▸ SOURCE DATA
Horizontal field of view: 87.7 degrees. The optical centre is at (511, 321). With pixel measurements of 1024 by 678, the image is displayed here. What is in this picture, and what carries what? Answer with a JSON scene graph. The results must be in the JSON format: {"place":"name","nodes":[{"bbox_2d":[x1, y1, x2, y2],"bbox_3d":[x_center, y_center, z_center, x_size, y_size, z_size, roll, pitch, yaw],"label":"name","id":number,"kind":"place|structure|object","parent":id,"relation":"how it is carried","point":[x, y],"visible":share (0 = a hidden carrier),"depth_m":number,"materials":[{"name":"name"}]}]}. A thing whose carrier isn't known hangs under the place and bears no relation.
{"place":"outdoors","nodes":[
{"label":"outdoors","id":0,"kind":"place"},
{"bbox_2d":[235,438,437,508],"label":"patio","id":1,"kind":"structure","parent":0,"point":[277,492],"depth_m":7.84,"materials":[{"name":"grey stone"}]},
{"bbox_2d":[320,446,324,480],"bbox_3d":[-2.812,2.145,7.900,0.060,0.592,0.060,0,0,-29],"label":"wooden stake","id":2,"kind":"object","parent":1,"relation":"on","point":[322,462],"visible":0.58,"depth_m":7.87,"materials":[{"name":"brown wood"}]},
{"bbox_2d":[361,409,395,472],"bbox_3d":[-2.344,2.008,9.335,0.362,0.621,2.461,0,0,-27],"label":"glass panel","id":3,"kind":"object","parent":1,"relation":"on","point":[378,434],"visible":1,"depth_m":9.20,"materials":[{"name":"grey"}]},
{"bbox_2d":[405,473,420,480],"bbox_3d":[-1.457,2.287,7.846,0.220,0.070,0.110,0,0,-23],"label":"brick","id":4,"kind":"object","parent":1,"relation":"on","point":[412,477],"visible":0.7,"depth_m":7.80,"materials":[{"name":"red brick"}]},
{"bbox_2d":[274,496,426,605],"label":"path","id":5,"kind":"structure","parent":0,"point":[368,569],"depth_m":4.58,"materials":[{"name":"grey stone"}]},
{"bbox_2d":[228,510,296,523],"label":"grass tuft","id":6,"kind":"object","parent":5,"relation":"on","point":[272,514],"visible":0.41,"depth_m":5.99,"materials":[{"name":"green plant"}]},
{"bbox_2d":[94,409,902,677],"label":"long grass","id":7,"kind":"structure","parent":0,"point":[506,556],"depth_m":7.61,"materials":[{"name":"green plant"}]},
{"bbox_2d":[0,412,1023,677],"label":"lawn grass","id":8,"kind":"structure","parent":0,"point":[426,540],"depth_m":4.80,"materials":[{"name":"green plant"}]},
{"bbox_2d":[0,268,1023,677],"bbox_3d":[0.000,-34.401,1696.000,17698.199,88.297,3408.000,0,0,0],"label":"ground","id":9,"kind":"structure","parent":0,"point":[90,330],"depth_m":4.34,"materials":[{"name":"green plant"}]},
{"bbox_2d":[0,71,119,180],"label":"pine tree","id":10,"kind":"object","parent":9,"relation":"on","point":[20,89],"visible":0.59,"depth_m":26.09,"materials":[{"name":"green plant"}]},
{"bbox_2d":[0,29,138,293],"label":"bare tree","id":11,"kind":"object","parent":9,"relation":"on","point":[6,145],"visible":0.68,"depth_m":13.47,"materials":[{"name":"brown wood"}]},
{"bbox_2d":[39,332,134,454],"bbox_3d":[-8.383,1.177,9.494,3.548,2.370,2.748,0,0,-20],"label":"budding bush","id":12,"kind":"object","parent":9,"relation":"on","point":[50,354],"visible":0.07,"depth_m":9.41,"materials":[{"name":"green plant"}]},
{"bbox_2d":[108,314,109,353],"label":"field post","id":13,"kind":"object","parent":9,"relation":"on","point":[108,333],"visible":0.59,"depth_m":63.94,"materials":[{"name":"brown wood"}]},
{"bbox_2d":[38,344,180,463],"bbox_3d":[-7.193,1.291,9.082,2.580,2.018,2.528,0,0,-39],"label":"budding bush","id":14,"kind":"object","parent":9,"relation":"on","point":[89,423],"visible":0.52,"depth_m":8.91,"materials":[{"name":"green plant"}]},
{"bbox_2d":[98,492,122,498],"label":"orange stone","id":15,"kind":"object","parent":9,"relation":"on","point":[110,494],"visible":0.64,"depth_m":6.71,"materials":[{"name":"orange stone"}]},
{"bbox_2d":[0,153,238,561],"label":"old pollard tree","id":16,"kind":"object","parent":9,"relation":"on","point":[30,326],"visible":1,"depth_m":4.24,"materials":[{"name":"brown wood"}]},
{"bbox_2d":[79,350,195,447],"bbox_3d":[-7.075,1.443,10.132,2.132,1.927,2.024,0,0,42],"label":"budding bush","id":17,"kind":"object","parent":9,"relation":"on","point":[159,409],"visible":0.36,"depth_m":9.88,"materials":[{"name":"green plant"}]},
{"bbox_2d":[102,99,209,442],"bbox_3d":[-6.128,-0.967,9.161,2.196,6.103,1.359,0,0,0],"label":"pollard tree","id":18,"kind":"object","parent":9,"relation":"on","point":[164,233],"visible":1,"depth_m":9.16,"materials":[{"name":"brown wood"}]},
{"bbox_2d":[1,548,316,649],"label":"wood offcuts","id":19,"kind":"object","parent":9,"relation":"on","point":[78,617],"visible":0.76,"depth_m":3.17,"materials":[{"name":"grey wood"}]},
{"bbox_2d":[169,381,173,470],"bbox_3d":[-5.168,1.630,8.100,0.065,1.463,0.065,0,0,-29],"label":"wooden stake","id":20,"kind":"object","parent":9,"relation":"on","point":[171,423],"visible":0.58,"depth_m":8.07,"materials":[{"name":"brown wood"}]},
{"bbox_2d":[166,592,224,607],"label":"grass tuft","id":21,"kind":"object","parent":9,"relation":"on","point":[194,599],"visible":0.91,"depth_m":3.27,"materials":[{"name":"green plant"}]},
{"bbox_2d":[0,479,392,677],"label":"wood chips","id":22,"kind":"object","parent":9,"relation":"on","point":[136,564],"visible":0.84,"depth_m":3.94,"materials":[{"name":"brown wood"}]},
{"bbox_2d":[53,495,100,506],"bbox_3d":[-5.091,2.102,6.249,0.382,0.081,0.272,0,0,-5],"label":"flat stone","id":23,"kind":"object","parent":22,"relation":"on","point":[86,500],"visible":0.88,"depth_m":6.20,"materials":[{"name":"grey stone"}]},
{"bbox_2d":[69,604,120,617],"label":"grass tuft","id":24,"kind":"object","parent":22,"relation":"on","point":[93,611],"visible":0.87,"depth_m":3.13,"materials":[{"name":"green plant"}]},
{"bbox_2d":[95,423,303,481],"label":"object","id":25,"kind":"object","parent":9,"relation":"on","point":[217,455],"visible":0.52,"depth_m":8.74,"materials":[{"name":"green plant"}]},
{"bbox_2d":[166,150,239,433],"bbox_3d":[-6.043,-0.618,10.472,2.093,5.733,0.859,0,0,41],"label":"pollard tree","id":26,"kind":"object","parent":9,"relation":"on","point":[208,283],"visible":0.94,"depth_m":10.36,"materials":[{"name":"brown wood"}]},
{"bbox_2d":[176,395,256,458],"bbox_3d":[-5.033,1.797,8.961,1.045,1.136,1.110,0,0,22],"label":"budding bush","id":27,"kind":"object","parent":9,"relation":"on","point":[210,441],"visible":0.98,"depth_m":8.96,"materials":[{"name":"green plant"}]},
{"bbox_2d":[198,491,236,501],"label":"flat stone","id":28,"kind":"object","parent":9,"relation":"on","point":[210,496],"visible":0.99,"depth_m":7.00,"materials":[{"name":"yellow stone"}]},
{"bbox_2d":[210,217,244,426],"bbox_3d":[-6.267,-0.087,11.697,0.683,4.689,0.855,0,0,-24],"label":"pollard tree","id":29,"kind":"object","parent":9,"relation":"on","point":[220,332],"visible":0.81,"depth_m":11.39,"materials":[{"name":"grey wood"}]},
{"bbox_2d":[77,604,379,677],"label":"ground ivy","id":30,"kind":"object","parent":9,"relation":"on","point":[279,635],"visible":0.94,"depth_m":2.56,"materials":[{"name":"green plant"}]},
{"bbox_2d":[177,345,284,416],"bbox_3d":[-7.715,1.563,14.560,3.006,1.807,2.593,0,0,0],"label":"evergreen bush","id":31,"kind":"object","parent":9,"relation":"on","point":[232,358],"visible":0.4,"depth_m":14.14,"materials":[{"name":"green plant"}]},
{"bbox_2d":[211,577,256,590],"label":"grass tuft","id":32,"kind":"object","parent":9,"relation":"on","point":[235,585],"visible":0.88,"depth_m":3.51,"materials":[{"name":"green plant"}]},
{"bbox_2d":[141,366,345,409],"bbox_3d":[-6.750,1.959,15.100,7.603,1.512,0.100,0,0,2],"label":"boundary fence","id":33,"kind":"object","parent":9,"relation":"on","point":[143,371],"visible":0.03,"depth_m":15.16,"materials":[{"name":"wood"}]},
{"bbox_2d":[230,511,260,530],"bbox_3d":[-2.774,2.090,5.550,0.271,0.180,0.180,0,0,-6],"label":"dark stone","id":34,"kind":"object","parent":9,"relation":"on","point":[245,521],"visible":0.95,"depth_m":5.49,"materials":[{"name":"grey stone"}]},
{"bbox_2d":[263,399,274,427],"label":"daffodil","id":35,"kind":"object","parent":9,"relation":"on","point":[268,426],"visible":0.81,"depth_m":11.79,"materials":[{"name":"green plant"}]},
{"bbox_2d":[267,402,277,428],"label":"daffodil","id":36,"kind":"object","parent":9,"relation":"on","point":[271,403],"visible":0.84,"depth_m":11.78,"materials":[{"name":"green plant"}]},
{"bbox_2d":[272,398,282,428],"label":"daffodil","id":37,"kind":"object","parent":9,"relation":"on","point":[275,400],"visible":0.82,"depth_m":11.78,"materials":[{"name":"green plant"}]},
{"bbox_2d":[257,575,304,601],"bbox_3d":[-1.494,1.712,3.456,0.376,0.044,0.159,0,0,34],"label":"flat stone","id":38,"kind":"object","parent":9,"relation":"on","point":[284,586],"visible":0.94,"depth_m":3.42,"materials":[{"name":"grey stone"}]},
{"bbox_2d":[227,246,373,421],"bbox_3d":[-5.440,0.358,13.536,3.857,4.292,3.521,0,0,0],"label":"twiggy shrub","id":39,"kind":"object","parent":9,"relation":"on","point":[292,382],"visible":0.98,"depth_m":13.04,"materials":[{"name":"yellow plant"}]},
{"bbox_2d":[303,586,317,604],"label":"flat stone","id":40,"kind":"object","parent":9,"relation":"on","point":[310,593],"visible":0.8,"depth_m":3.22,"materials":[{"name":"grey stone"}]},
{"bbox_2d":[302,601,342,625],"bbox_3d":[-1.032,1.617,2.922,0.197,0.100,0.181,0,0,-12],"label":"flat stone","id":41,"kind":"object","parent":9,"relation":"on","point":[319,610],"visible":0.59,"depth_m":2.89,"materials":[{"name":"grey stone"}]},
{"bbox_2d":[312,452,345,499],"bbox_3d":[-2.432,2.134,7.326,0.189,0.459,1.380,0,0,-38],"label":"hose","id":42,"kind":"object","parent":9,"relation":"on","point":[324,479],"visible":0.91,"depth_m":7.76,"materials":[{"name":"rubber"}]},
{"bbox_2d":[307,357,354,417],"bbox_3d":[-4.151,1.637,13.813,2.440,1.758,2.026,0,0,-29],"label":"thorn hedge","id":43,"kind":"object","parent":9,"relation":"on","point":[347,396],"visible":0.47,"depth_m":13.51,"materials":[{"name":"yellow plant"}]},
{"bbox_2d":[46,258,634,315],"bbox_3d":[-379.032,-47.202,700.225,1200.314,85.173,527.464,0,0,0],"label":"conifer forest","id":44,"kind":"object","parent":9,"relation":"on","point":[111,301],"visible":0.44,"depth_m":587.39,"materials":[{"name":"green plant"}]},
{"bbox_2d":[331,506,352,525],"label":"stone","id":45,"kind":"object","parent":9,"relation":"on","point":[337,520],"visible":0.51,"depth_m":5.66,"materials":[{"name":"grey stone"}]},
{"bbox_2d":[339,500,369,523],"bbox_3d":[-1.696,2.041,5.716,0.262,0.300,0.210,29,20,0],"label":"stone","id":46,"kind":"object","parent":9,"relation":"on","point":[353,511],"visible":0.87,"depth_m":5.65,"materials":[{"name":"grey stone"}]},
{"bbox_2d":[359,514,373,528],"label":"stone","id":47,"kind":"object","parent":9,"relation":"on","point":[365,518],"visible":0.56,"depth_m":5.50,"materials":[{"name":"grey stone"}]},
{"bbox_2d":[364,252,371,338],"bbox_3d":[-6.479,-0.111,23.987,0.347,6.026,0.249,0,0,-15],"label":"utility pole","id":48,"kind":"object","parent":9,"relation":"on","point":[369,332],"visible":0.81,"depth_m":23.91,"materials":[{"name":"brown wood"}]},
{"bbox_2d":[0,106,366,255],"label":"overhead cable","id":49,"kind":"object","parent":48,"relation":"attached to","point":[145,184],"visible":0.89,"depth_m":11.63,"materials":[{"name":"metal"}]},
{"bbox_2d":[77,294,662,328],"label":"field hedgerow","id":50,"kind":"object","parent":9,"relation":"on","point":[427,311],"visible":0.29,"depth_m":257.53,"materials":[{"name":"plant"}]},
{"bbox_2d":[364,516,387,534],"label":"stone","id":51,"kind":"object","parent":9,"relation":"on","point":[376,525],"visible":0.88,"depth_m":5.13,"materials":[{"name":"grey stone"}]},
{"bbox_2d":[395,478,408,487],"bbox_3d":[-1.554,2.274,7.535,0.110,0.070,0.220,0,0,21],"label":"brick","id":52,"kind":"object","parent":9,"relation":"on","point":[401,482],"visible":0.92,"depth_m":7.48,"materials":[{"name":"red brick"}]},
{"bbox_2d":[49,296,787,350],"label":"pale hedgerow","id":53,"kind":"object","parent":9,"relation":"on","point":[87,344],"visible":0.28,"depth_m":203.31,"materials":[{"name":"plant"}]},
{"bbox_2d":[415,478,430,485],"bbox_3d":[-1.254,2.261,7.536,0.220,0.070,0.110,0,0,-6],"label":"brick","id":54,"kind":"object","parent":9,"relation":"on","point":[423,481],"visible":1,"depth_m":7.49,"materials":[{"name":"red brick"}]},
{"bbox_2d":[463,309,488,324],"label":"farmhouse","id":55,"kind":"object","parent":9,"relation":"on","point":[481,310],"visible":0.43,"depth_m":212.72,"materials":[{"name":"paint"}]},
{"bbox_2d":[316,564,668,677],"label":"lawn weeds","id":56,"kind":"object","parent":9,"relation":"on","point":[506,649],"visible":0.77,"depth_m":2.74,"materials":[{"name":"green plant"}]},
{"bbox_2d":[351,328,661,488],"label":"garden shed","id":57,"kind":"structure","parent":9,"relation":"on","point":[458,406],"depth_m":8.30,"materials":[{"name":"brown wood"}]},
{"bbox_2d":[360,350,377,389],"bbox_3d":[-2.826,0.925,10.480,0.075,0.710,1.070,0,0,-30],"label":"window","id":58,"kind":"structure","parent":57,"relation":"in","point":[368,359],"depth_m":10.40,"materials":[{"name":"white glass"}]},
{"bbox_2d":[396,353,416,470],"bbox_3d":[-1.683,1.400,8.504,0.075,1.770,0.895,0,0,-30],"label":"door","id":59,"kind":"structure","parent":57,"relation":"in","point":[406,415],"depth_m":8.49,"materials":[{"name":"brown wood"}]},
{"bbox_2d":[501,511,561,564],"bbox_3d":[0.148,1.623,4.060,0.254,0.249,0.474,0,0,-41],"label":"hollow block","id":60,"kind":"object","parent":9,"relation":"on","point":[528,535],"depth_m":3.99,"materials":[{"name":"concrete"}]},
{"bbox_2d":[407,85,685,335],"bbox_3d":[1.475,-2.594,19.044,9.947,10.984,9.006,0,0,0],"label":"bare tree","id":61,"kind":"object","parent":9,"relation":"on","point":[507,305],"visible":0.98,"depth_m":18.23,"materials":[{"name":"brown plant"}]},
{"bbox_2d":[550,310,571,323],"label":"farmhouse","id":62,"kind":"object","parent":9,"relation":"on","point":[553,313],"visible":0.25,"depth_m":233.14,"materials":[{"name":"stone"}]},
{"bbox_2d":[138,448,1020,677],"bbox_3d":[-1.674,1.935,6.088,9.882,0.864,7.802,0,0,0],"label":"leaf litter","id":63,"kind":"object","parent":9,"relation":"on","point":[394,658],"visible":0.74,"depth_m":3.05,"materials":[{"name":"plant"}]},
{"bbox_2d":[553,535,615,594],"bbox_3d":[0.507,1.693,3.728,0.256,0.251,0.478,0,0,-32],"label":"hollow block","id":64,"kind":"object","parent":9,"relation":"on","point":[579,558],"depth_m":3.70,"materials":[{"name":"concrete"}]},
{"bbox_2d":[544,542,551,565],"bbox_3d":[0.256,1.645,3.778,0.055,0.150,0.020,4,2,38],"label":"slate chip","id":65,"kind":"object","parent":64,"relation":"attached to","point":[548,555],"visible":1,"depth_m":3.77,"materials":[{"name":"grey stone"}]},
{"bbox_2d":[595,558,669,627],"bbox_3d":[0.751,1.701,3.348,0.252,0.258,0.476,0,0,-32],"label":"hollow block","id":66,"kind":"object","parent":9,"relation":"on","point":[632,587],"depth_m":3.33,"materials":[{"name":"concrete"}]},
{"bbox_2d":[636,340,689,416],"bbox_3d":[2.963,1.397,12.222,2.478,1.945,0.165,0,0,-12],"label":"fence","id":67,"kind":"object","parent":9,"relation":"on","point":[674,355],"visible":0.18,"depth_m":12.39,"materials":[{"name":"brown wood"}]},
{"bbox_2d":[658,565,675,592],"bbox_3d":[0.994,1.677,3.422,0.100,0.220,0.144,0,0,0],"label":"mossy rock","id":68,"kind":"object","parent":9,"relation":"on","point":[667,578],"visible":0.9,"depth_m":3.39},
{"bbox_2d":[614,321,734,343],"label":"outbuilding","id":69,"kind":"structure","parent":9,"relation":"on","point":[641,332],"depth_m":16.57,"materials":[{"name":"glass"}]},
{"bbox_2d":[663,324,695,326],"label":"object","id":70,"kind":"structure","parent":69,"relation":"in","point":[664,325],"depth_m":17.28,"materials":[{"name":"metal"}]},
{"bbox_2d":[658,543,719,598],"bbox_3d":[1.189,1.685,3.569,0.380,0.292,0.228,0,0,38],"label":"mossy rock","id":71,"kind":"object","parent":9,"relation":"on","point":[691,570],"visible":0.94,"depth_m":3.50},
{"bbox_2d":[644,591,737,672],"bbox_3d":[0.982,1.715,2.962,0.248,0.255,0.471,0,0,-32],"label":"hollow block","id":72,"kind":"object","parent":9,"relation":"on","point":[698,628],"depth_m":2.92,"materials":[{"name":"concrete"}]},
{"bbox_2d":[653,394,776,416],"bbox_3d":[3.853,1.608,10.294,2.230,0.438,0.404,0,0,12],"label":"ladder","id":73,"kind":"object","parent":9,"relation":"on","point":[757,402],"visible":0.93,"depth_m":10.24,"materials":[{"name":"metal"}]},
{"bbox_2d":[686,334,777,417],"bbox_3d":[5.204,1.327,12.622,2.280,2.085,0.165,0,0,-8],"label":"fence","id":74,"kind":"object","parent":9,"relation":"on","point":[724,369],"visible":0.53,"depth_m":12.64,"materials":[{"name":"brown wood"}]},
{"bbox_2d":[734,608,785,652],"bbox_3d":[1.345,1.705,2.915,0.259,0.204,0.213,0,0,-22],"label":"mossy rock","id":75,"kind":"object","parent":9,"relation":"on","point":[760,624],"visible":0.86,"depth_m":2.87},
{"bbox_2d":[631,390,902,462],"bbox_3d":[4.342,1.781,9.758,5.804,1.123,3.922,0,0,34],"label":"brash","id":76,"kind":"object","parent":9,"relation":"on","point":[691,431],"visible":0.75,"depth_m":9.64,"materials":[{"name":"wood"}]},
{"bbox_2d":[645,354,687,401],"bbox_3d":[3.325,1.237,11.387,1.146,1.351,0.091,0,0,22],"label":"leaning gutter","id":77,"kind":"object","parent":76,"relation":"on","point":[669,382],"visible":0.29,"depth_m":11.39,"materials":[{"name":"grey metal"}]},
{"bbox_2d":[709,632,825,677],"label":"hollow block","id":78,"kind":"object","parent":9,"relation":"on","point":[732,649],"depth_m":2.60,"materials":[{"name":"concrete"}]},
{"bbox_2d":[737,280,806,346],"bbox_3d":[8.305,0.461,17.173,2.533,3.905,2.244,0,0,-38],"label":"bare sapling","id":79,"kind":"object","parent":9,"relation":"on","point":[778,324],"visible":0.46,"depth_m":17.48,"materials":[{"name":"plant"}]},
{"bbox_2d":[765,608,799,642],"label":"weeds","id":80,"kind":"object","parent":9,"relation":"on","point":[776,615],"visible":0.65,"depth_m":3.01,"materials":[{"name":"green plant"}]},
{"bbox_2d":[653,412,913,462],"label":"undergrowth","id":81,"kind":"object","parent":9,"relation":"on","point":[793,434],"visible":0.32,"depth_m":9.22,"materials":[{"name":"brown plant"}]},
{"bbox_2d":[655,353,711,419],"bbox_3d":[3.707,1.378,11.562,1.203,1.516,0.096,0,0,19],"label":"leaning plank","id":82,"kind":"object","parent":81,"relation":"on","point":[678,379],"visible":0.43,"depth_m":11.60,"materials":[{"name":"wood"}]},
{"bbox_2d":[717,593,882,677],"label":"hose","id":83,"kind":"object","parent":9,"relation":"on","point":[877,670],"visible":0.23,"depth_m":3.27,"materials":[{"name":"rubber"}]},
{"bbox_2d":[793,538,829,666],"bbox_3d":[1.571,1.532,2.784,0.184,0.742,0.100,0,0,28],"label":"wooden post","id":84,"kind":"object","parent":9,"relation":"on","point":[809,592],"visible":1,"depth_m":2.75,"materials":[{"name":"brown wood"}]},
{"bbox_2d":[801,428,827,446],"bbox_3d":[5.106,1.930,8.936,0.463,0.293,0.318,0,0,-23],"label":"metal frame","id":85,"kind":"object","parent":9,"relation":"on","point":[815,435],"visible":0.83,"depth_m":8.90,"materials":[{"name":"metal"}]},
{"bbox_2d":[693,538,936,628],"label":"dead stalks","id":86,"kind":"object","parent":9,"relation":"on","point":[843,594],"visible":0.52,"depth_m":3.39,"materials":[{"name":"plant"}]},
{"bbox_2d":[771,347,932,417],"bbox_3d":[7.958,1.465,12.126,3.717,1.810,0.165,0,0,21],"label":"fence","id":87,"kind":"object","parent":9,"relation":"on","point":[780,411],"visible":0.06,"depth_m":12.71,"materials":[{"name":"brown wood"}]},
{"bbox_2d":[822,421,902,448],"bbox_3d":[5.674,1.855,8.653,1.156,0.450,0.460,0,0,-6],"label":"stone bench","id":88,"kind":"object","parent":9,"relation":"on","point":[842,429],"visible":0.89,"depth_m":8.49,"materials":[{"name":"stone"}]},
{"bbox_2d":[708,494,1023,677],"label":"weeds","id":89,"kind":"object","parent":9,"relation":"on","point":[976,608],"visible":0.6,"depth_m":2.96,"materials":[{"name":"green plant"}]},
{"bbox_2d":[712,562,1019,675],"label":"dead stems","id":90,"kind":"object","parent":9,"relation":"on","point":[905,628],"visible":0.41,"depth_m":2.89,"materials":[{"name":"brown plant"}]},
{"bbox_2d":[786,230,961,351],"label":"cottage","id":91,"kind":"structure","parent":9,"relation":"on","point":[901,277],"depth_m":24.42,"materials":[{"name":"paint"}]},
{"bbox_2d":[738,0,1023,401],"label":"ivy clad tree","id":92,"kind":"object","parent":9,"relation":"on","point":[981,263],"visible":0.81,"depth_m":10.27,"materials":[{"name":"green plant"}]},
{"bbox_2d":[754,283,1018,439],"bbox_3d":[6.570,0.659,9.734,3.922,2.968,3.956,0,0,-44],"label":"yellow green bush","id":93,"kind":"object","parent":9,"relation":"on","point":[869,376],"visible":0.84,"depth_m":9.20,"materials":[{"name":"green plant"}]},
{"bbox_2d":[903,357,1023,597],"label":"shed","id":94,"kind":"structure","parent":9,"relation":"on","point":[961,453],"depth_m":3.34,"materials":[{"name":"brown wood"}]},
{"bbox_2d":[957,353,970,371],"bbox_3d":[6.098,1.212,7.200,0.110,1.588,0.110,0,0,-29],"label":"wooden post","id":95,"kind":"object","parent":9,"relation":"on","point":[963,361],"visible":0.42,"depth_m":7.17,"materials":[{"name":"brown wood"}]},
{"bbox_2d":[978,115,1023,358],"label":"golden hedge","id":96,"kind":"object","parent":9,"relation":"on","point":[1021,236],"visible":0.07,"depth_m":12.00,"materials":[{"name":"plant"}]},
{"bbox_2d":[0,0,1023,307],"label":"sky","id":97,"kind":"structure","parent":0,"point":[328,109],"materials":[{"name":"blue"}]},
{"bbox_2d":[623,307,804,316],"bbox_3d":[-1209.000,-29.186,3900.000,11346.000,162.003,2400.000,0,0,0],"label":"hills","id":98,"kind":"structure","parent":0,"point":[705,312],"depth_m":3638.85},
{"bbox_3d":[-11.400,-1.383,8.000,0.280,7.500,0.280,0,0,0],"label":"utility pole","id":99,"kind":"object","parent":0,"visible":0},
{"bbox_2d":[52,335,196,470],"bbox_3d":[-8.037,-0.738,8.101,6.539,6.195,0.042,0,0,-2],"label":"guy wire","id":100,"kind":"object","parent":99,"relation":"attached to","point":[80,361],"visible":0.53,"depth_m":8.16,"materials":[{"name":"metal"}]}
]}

▸ INSTRUCTIONS FOR THE TASK
Whenever a line of the entries contains the string "post", copy that line.

▸ WRITTEN RESPONSE
{"bbox_2d":[108,314,109,353],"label":"field post","id":13,"kind":"object","parent":9,"relation":"on","point":[108,333],"visible":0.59,"depth_m":63.94,"materials":[{"name":"brown wood"}]},
{"bbox_2d":[793,538,829,666],"bbox_3d":[1.571,1.532,2.784,0.184,0.742,0.100,0,0,28],"label":"wooden post","id":84,"kind":"object","parent":9,"relation":"on","point":[809,592],"visible":1,"depth_m":2.75,"materials":[{"name":"brown wood"}]},
{"bbox_2d":[957,353,970,371],"bbox_3d":[6.098,1.212,7.200,0.110,1.588,0.110,0,0,-29],"label":"wooden post","id":95,"kind":"object","parent":9,"relation":"on","point":[963,361],"visible":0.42,"depth_m":7.17,"materials":[{"name":"brown wood"}]},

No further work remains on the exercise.